The reason for this is probably some large input arguments for a wrapped
 function (e.g. large strings).
THIS IS A JOBLIB ISSUE. If you can, kindly provide the joblib's team with an
 example so that they can fix the problem.
  ret = fingerprinted(*args, **kwargs_)
... still running

trying on #67 state of things

jovyan@jupyter-yarikoptic:~/fscacher/src/fscacher$ nl -ba cache.py | grep -3 138
   135                      + fprint.to_tuple()
   136                      + (tuple(self._tokens) if self._tokens else ())
   137                  )
   138                  ret = fingerprinted(*args, **kwargs_)
   139              lgr.log(1, "Returning value %r", ret)
   140              return ret
   141

jovyan@jupyter-yarikoptic:~/fscacher/src/fscacher$ git describe
0.1.6-17-g7ec27c1

jovyan@jupyter-yarikoptic:~/fscacher/src/fscacher$ git branch
* gh-66
  master

and not sure why it took long since all args here should be quite concise afaik (path). Needs to be investigated on either to be addressed/sped up

jwodder commented 2 years ago

@yarikoptic What was the fscacher-using code you were running? I believe this happens when acting on a directory whose entire hierarchy contains too many files for the fingerprints to be persisted quickly.

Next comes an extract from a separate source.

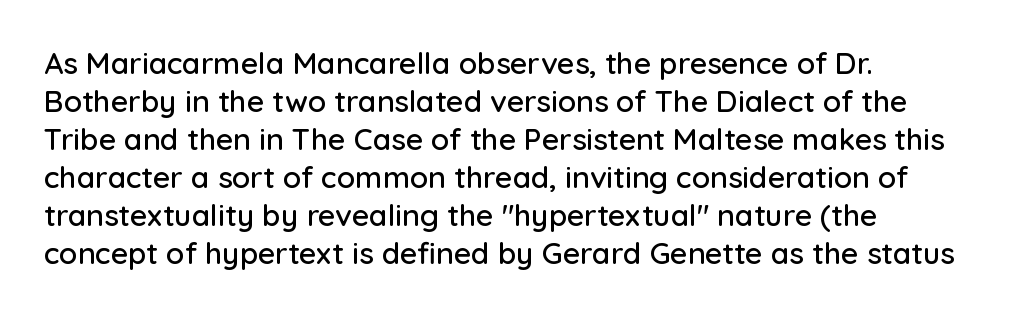
{"serif": "no", "italic": "no", "width": "normal", "stroke_contrast": "low", "x_height": "medium", "monospaced": "no", "underline": "no", "align": "left", "line_spacing": "normal", "line_spacing_ratio": 1.27, "letter_spacing": "normal", "letter_spacing_em": 0.0, "glyph_px": 30}
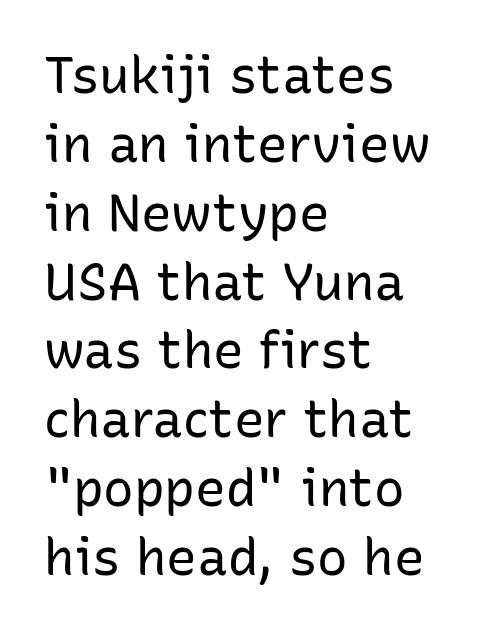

yarikoptic commented 2 years ago

it was that dandi digest -d zarr-checksum I was benchmarking on dandi HUB (original description has the path etc). that zarr does have some number of files on the lowest level. for a directory are we adding an entire list of files into the "fingerprint" and not some "hash value" of it?

jwodder commented 2 years ago

@yarikoptic Yes, the fingerprint for a directory consists of a sorted list of fingerprints of all files within it.

yarikoptic commented 2 years ago

We might avoid such a warning and gain some speed up overall if it would be some hash of that list right away, or even never store a full list of entries (do we use actual entries anywhere) and incrementally hash it as e.g. hash = md5(f'{hash}{file_hash}') starting with a file_hash on first one. Could be some faster one than md5. But this might be slower than just hashing full list of entries once -- please check.

jwodder commented 2 years ago

@yarikoptic While we don't use the actual entries, they'll need to be sorted when hashing in order for the hash to be deterministic (especially if we go through with threading), so incremental hashing isn't an option.

yarikoptic commented 2 years ago

so I decided to look for "order independent hash", got to https://stackoverflow.com/questions/30734848/order-independent-hash-algorithm (java oriented) which pretty much boils down that we can use xor operation (should be quick!) to incrementally grow hash so it would be independent of the order!